CVE Alert: CVE-2025-11350 – Campcodes – Online Apartment Visitor Management System
CVE-2025-11350
A security flaw has been discovered in Campcodes Online Apartment Visitor Management System 1.0. The affected element is an unknown function of the file /bwdates-reports-details.php. The manipulation of the argument fromdate/todate results in sql injection. The attack may be launched remotely. The exploit has been released to the public and may be exploited.
AI Summary Analysis
Risk verdict
High risk: public exploit available and remote access without authentication makes rapid exploitation plausible.
Why this matters
The flaw enables SQL injection via a visible endpoint, potentially exposing or tampering visitor data and related records. With no user interaction required, an attacker could exfiltrate sensitive information or alter reports, threatening confidentiality and integrity of property management data and undermining business operations.
Most likely attack path
An attacker uses fromdate/todate inputs to trigger an injection in bwdates-reports-details.php. Given AV:N, AC:L, PR:N, UI:N, the attempt requires no credentials or user action and can succeed over the network. Exploitation could yield data leakage (C) and potential data modification (I) with low to moderate impact per CVSS, enabling further reconnaissance or partial disruption but limited by scope and permissions of the database user.
Who is most exposed
Sites running Campcodes Online Apartment Visitor Management System 1.0 with publicly accessible PHP endpoints are at risk, typical of small-to-mid-sized property management deployments hosted on shared or cloud web servers.
Detection ideas
- Web server/app logs show repeated requests to bwdates-reports-details.php with manipulated fromdate/todate parameters.
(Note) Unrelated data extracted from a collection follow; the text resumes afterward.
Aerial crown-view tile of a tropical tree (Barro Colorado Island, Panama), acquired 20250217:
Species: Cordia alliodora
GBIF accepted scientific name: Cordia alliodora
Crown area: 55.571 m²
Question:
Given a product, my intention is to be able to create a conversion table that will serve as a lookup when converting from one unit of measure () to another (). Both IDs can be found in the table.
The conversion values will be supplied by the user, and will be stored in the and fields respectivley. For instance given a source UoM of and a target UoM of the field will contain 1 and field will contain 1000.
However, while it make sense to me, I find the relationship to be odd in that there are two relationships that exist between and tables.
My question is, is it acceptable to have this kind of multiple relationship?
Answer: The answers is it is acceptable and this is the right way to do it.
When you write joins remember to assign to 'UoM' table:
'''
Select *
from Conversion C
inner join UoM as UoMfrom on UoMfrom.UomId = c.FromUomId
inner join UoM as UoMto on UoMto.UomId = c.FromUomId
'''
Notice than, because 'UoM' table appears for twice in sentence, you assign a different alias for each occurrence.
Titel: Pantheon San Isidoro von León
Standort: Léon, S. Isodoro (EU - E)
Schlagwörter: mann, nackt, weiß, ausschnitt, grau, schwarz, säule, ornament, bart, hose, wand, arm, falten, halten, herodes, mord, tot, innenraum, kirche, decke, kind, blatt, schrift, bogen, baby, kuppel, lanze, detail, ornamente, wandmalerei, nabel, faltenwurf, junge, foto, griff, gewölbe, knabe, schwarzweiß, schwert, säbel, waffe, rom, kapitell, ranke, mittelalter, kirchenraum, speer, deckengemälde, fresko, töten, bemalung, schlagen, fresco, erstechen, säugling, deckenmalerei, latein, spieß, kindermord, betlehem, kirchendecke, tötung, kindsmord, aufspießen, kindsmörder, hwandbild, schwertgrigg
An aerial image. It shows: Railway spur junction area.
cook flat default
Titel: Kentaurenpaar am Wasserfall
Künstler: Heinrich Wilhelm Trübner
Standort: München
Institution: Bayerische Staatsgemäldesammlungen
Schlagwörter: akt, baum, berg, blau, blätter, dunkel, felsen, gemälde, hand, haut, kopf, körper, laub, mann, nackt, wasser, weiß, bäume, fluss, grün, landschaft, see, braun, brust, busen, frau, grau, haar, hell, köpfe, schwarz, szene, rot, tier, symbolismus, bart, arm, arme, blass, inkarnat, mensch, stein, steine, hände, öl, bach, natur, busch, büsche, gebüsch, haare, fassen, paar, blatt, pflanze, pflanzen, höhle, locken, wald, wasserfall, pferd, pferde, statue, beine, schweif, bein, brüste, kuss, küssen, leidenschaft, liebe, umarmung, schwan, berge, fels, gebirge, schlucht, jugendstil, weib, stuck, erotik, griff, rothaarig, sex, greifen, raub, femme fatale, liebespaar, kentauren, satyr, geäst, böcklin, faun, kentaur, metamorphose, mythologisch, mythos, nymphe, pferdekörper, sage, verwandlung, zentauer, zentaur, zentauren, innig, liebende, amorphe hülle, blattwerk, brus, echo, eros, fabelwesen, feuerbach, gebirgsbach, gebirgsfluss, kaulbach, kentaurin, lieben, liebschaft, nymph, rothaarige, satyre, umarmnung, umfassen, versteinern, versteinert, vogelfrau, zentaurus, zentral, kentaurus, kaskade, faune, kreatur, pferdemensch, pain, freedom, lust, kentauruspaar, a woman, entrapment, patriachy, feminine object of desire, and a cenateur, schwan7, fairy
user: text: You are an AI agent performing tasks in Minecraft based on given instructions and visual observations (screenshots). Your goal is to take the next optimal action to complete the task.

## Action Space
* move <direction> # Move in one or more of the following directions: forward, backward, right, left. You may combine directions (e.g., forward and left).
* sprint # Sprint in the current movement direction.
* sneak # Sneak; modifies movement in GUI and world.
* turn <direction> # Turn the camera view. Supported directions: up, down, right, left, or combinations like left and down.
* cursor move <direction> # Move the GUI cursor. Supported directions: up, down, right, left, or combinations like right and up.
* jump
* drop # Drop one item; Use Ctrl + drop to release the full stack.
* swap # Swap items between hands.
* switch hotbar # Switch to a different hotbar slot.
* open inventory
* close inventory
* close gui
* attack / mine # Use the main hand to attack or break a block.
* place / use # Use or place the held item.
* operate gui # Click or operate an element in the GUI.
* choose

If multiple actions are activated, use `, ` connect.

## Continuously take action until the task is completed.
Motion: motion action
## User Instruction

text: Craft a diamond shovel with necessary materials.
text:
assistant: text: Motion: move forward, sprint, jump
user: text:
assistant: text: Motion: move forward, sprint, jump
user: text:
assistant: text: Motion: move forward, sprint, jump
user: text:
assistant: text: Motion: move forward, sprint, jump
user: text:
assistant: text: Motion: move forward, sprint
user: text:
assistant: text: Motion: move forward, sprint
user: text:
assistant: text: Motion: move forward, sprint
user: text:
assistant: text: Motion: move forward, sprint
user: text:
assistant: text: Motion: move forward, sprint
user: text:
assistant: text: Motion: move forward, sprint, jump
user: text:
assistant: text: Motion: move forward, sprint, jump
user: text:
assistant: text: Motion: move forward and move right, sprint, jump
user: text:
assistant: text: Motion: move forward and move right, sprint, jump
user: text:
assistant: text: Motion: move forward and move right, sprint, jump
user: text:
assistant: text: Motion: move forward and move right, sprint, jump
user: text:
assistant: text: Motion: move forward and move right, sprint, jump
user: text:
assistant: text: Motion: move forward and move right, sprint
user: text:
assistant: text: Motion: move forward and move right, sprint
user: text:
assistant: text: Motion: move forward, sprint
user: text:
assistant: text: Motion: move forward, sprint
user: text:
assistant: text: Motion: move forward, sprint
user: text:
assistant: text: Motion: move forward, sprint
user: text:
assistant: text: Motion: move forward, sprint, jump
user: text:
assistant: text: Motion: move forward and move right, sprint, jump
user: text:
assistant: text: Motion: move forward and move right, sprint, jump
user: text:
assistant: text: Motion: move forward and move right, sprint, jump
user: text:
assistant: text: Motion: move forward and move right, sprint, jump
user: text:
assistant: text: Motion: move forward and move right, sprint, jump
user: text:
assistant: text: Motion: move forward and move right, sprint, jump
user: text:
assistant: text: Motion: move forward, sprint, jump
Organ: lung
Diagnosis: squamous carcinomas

- SQL error messages or anomalies in responses indicating injection attempts (tautologies, UNION SELECT patterns).
- Unusual data retrieval patterns or spikes in DB query latency tied to the vulnerable endpoint.
- IDS/WAF alerts for SQLi signatures targeting PHP-based endpoints.
Mitigation and prioritisation
- Apply vendor patch or upgrade to fixed version as soon as available; if unavailable, implement strict input validation and parameterised queries at the application layer.
- Refactor the endpoint to use prepared statements; enforce least-privilege database accounts.
- Disable or temporarily restrict access to the vulnerable endpoint until patched; implement WAF rules to block SQLi patterns.
- Run targeted tests in a staging environment before redeploy; ensure comprehensive logging and alerting for future injections.
- If KEV/EPSS indicators become available (high), elevate to priority 1.